Aim of the task: Please find all lines in the data that hold the string "polygon" and copy them.

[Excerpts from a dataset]

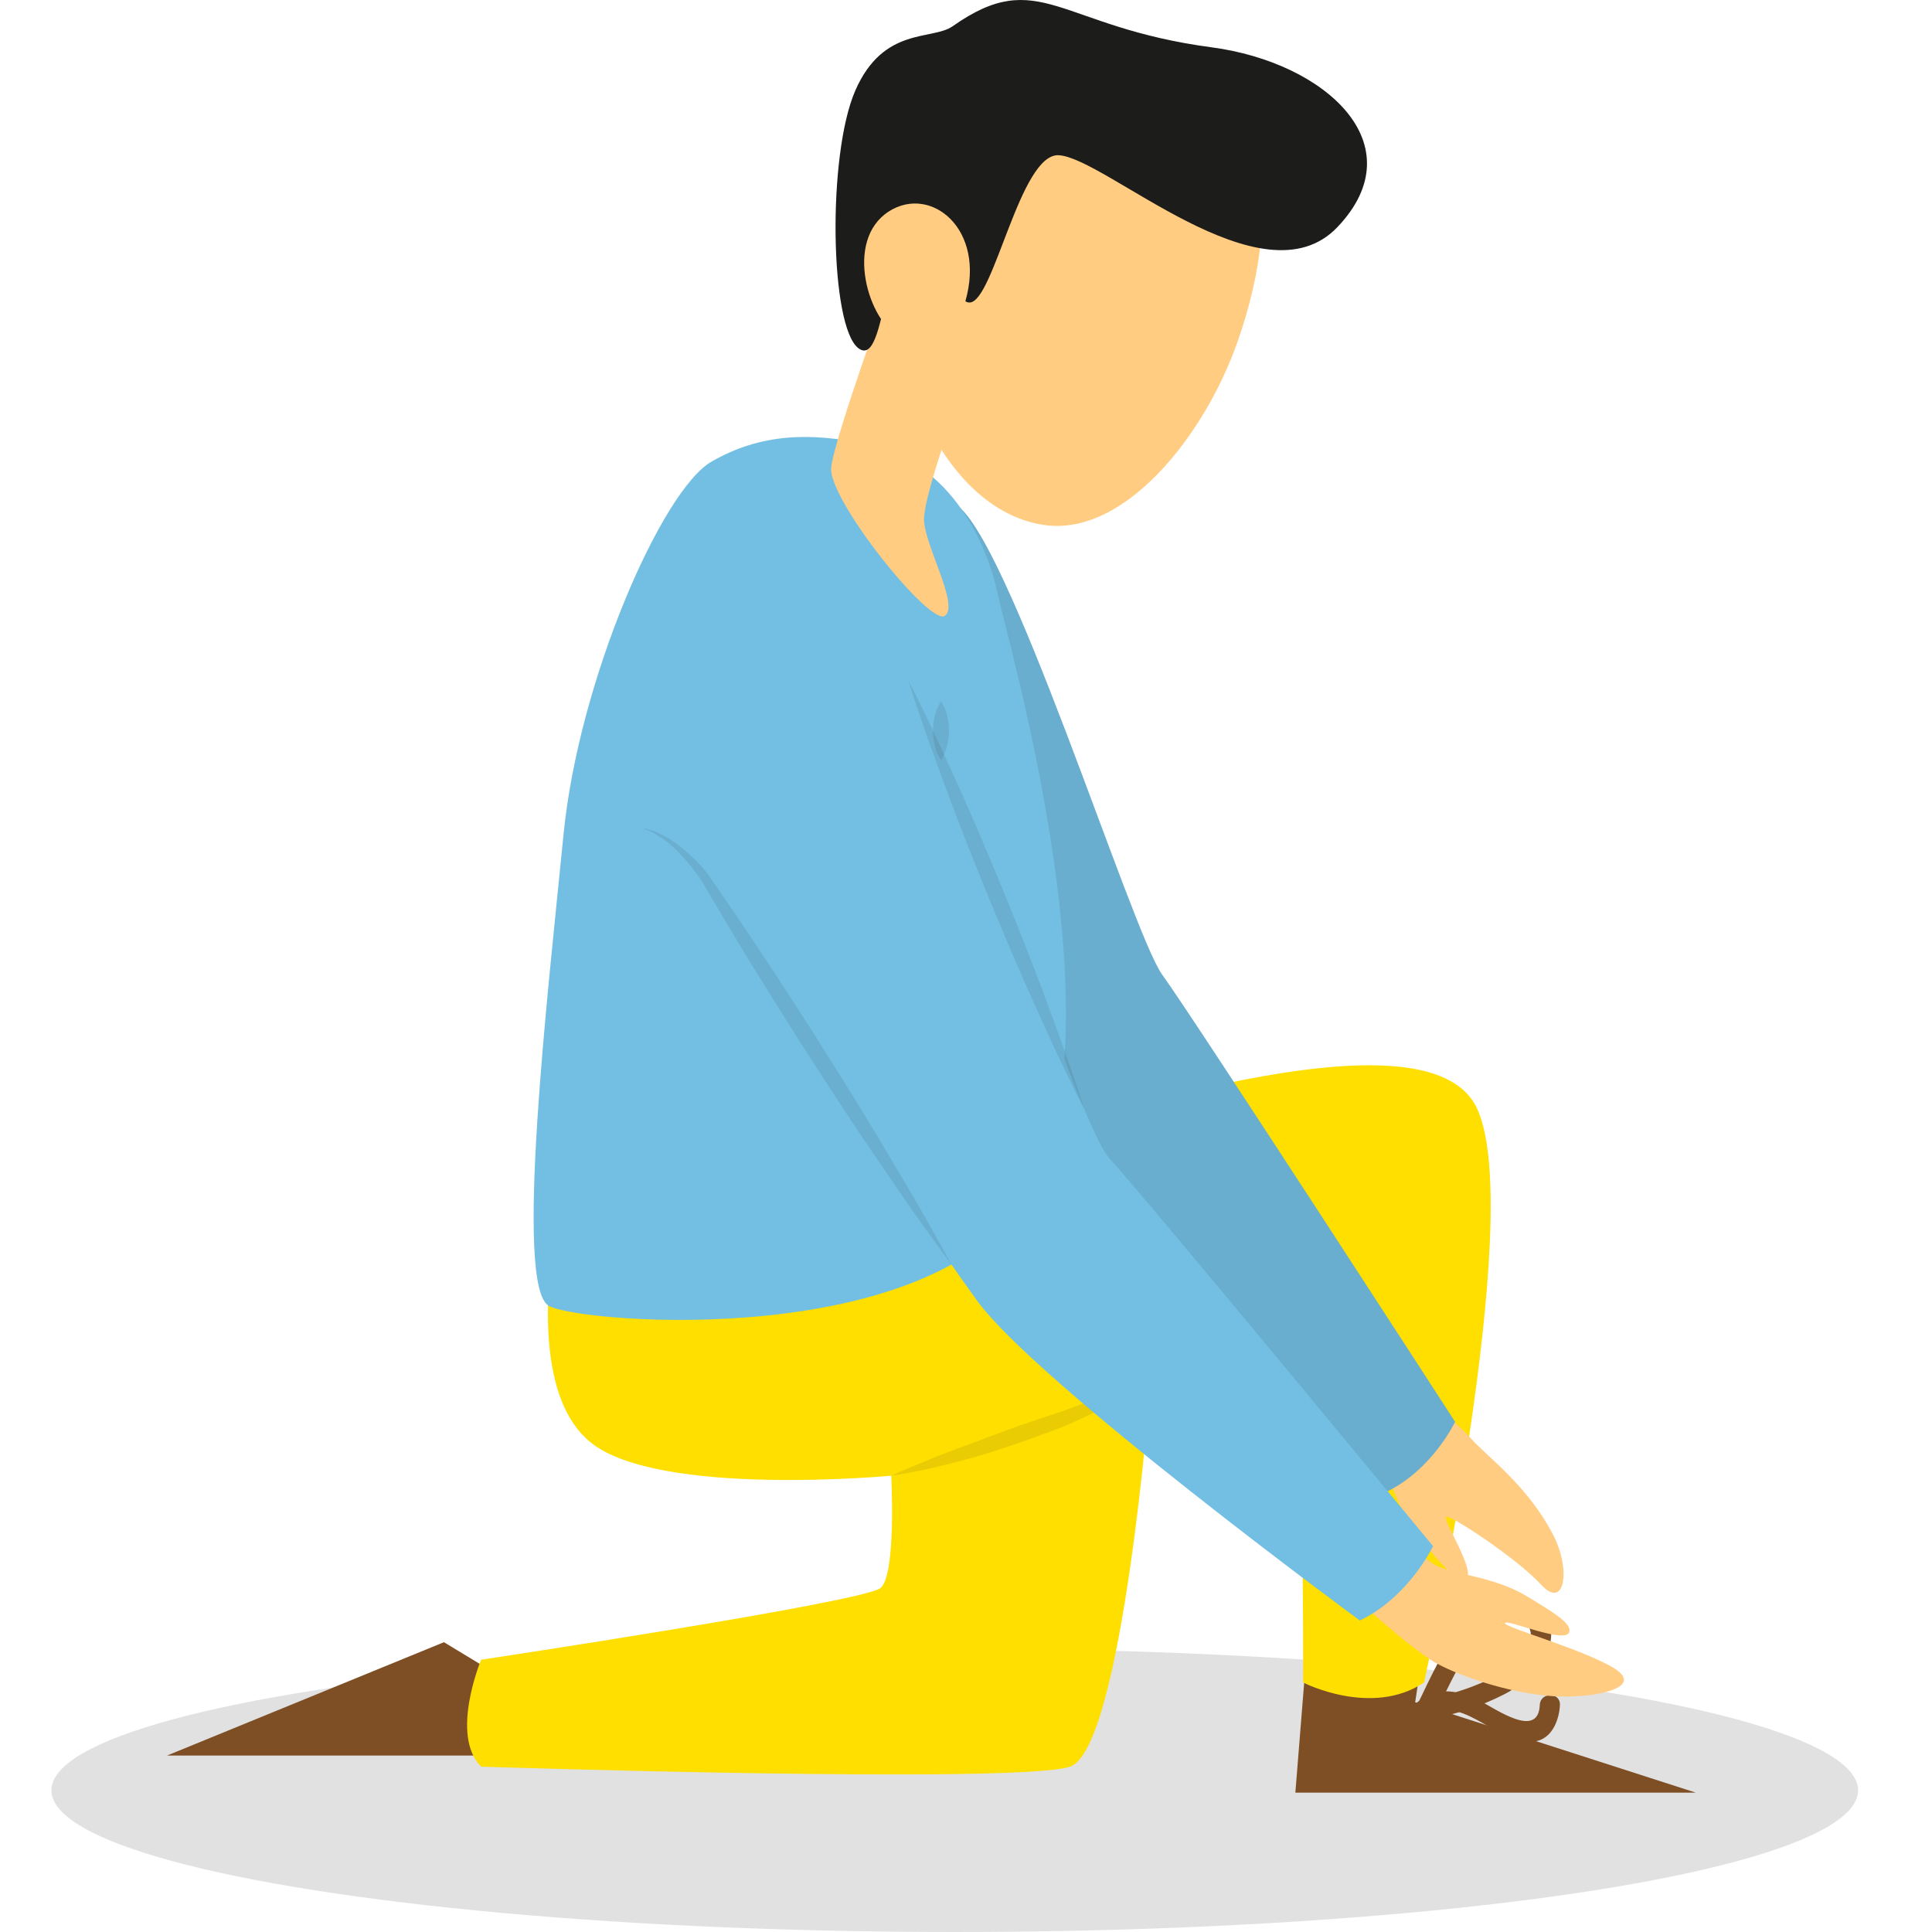 <?xml version="1.0" encoding="utf-8"?>
<!-- Generator: Adobe Illustrator 16.0.0, SVG Export Plug-In . SVG Version: 6.00 Build 0)  -->
<!DOCTYPE svg PUBLIC "-//W3C//DTD SVG 1.1//EN" "http://www.w3.org/Graphics/SVG/1.1/DTD/svg11.dtd">
<svg version="1.1" id="Layer_1" xmlns="http://www.w3.org/2000/svg" xmlns:xlink="http://www.w3.org/1999/xlink" x="0px" y="0px"
	 width="120px" height="120px" viewBox="0 0 120 120" enable-background="new 0 0 120 120" xml:space="preserve">
<g>
	<ellipse opacity="0.5" fill="#C5C5C5" cx="59.302" cy="111.199" rx="56.108" ry="8.801"/>
	<g>
		<g>
			<polygon fill="#7E4E24" points="88.226,103.574 87.899,105.729 105.332,111.345 80.457,111.345 81.175,102.399 			"/>
			<g>
				<g>
					<g>
						<path fill="#7E4E24" d="M95.639,105.894c-0.09,2.139-2.691,0.271-3.676-0.225c-1.367-0.688-2.656-0.961-3.909,0.044
							c-0.629,0.505,0.262,1.384,0.885,0.885c1.875-1.505,4.443,2.207,6.636,1.508c0.895-0.285,1.278-1.36,1.314-2.212
							C96.923,105.087,95.673,105.091,95.639,105.894L95.639,105.894z"/>
					</g>
				</g>
				<g>
					<g>
						<path fill="#7E4E24" d="M88.751,106.778c1.632-0.272,3.249-0.804,4.718-1.561c1.572-0.811,3.688-2.906,2.563-4.866
							c-0.97-1.687-3.26-1.583-4.632-0.482c-0.953,0.766-1.529,2.34-2.076,3.394c-0.444,0.856-0.869,1.724-1.278,2.598
							c-0.339,0.726,0.738,1.36,1.08,0.631c0.611-1.31,1.262-2.603,1.955-3.87c0.432-0.79,0.857-1.822,1.742-2.182
							c0.712-0.289,1.83-0.205,2.151,0.608c0.747,1.893-2.283,3.24-3.557,3.719c-0.963,0.362-1.982,0.637-2.998,0.807
							C87.625,105.706,87.963,106.91,88.751,106.778z"/>
					</g>
				</g>
			</g>
			<polygon fill="#7E4E24" points="32.812,103.782 30.515,103.782 27.574,102 10.377,109.039 32.812,109.039 			"/>
		</g>
		<g>
			<path fill="#FFDF00" d="M34.563,76.2c0,0-2.123,9.96,2.123,13.391c4.246,3.429,18.67,2.067,18.67,2.067s0.327,6.097-0.653,6.968
				s-24.82,4.463-24.82,4.463s-1.959,4.682,0,6.641c0,0,33.312,1.089,36.577,0c3.267-1.088,5.009-23.841,5.009-23.841
				s7.184-3.593,8.382-3.593c1.197,0,1.088,22.208,1.088,22.208s4.246,2.178,7.512,0c0,0,6.423-29.175,3.266-35.706
				c-3.156-6.532-24.493,0.871-32.876,3.156C50.458,74.241,34.563,76.2,34.563,76.2z"/>
			<g opacity="0.1">
				<path fill="#1C1C1B" d="M55.356,91.658c0,0,0.244-0.118,0.679-0.302c0.434-0.181,1.054-0.439,1.799-0.75
					c0.745-0.303,1.619-0.636,2.561-0.972c0.474-0.16,0.948-0.371,1.443-0.544c0.494-0.18,0.995-0.362,1.496-0.545
					c0.505-0.171,1.01-0.343,1.507-0.512c0.493-0.179,0.999-0.304,1.46-0.494c0.936-0.348,1.817-0.652,2.582-0.897
					c0.762-0.253,1.416-0.424,1.865-0.563c0.455-0.13,0.721-0.191,0.721-0.191s-0.229,0.143-0.641,0.369
					c-0.416,0.218-0.999,0.556-1.723,0.914c-0.72,0.366-1.57,0.774-2.49,1.191c-0.92,0.419-1.941,0.749-2.948,1.125
					c-1.019,0.343-2.029,0.705-2.999,0.981c-0.971,0.27-1.883,0.503-2.669,0.685C56.43,91.523,55.356,91.658,55.356,91.658z"/>
			</g>
		</g>
		<path fill="#FFCC81" d="M82.912,88.052c0,0,2.033,1.914,2.367,2.201c1.021,0.878,1.365,3.534,3.135,5.594
			c1.373,1.6,2.159,2.482,2.636,2.206c0.666-0.387-1.455-3.653-1.236-3.839c0.219-0.187,4.444,2.611,5.911,4.215
			c1.469,1.602,1.867-0.944,0.74-3.104c-1.614-3.094-4.079-4.831-5.093-5.968c-1.013-1.136-3.304-2.992-3.304-2.992l-2.19-1.932
			L82.912,88.052z"/>
		<path fill="#FFCC81" d="M86.255,95.017c0,0,2.223,1.688,2.562,1.971c1.035,0.862,3.711,0.764,6.035,2.168
			c1.805,1.09,2.804,1.72,2.61,2.234c-0.271,0.721-3.843-0.83-3.99-0.584s5.024,1.674,6.848,2.856
			c1.822,1.183-1.299,1.825-3.731,1.699c-2.883-0.147-6.36-1.405-7.648-2.216c-1.288-0.812-3.498-2.765-3.498-2.765l-2.266-1.842
			L86.255,95.017z"/>
		<g>
			<g>
				<path fill="#72BFE3" d="M59.248,31.266c3.253,1.573,11.038,26.646,12.928,29.256c2.021,2.789,18.204,27.791,18.204,27.791
					s-1.43,3.004-4.304,4.367c0,0-18.151-18.966-21.708-23.837c-4.381-6.001-18.222-27.171-18.222-27.171
					S47.188,25.436,59.248,31.266z"/>
				<path opacity="0.1" fill="#1C1C1B" d="M59.248,31.266c3.253,1.573,11.038,26.646,12.928,29.256
					c2.021,2.789,18.204,27.791,18.204,27.791s-1.43,3.004-4.304,4.367c0,0-18.151-18.966-21.708-23.837
					c-4.381-6.001-18.222-27.171-18.222-27.171S47.188,25.436,59.248,31.266z"/>
			</g>
			<path fill="#72BFE3" d="M53.864,27.6c-3.511-0.761-6.627-0.69-9.686,1.083s-8.233,13.549-9.176,23.143
				C34.06,61.419,31.893,80,34.111,81.124c2.219,1.124,24.176,2.794,29.887-7.147c5.711-9.942-1.379-34.006-2.005-36.992
				C61.366,33.999,59.228,28.762,53.864,27.6z"/>
			<path fill="#72BFE3" d="M55.284,41.073c3.439,1.663,11.344,28.438,13.669,30.931c1.971,2.112,20.057,24.031,20.057,24.031
				s-1.513,3.176-4.551,4.617c0,0-20.001-14.701-23.762-19.852c-4.631-6.344-19.264-28.726-19.264-28.726
				S42.535,34.91,55.284,41.073z"/>
			<g opacity="0.1">
				<path fill="#1C1C1B" d="M59.094,78.543c0,0-0.312-0.424-0.858-1.167c-0.528-0.754-1.317-1.809-2.202-3.113
					c-0.884-1.307-1.942-2.813-3.028-4.457c-1.095-1.64-2.23-3.408-3.369-5.175c-1.121-1.778-2.245-3.554-3.268-5.239
					c-1.034-1.678-1.95-3.274-2.76-4.627c-0.4-0.627-0.864-1.191-1.289-1.645c-0.216-0.229-0.422-0.441-0.636-0.609
					c-0.207-0.178-0.395-0.346-0.592-0.457c-0.191-0.123-0.361-0.233-0.51-0.329c-0.162-0.071-0.299-0.13-0.411-0.179
					c-0.227-0.099-0.348-0.151-0.348-0.151s0.127,0.035,0.365,0.1c0.121,0.033,0.27,0.074,0.444,0.123
					c0.167,0.068,0.35,0.167,0.56,0.271c0.217,0.094,0.427,0.245,0.66,0.405c0.241,0.151,0.477,0.345,0.725,0.558
					c0.499,0.428,1.022,0.933,1.507,1.612c0.884,1.306,1.944,2.811,3.028,4.457c1.095,1.639,2.229,3.408,3.368,5.175
					c1.121,1.778,2.243,3.555,3.267,5.239c1.032,1.679,1.95,3.275,2.76,4.628c0.809,1.354,1.432,2.515,1.892,3.312
					C58.842,78.081,59.094,78.543,59.094,78.543z"/>
			</g>
			<g opacity="0.1">
				<path fill="#1C1C1B" d="M56.4,42.219c0,0,0.203,0.403,0.559,1.108c0.336,0.713,0.854,1.717,1.408,2.948
					c0.553,1.232,1.228,2.658,1.897,4.207c0.679,1.545,1.37,3.207,2.062,4.868c0.674,1.669,1.351,3.336,1.951,4.914
					c0.613,1.572,1.132,3.062,1.604,4.327c0.471,1.266,0.807,2.344,1.067,3.088c0.242,0.752,0.38,1.182,0.38,1.182
					s-0.203-0.403-0.56-1.107c-0.336-0.714-0.854-1.717-1.408-2.948c-0.553-1.232-1.229-2.657-1.897-4.207
					c-0.68-1.544-1.368-3.207-2.062-4.868c-0.673-1.669-1.349-3.337-1.95-4.914c-0.611-1.573-1.131-3.062-1.603-4.327
					c-0.47-1.266-0.807-2.344-1.068-3.087C56.538,42.649,56.4,42.219,56.4,42.219z"/>
			</g>
			<g opacity="0.1">
				<path fill="#1C1C1B" d="M58.446,43.561c0,0,0.167,0.228,0.286,0.569c0.127,0.342,0.21,0.797,0.214,1.253
					c-0.003,0.456-0.085,0.911-0.212,1.253c-0.119,0.341-0.287,0.569-0.287,0.569s-0.168-0.228-0.287-0.569
					c-0.127-0.342-0.209-0.797-0.212-1.253c0.003-0.456,0.087-0.912,0.214-1.253C58.279,43.789,58.446,43.561,58.446,43.561z"/>
			</g>
		</g>
		<g>
			<path fill="#FFCC81" d="M72.039,2.844c-7.694-2.707-14.471,3.35-16.074,9.509c-2.049,7.873,1.831,19.162,8.835,20.248
				c4.999,0.774,9.979-5.481,12.04-11.302C80.053,12.218,78.238,5.025,72.039,2.844z"/>
			<path fill="#FFCC81" d="M59.533,24.876c0,0-2.137,5.842-2.142,7.377c-0.005,1.536,2.243,5.412,1.283,6.004
				s-7.266-7.278-7.048-9.223c0.218-1.946,3.837-11.818,3.837-11.818L59.533,24.876z"/>
			<path fill="#1C1C1B" d="M59.17,1.63c-1.277,0.898-4.293-0.006-6.042,3.986c-1.75,3.994-1.588,14.688,0.193,16.015
				c1.781,1.327,1.483-7.229,4.076-8.37c2.593-1.14,1.346,5.618,2.845,5.528c1.499-0.09,3.115-9.255,5.508-9.148
				C68.644,9.77,78.401,19,83.065,14.111c4.882-5.117-0.711-10.233-7.822-11.174C65.749,1.68,64.559-2.161,59.17,1.63z"/>
			<path fill="#FFCC81" d="M59.823,19.146c-0.627,1.804-2.384,2.792-4.115,1.693c-1.919-1.219-3.3-6.265-0.234-7.86
				C58.108,11.608,61.422,14.542,59.823,19.146z"/>
		</g>
	</g>
</g>
</svg>

Answer for the task:
			<polygon fill="#7E4E24" points="88.226,103.574 87.899,105.729 105.332,111.345 80.457,111.345 81.175,102.399 			"/>
			<polygon fill="#7E4E24" points="32.812,103.782 30.515,103.782 27.574,102 10.377,109.039 32.812,109.039 			"/>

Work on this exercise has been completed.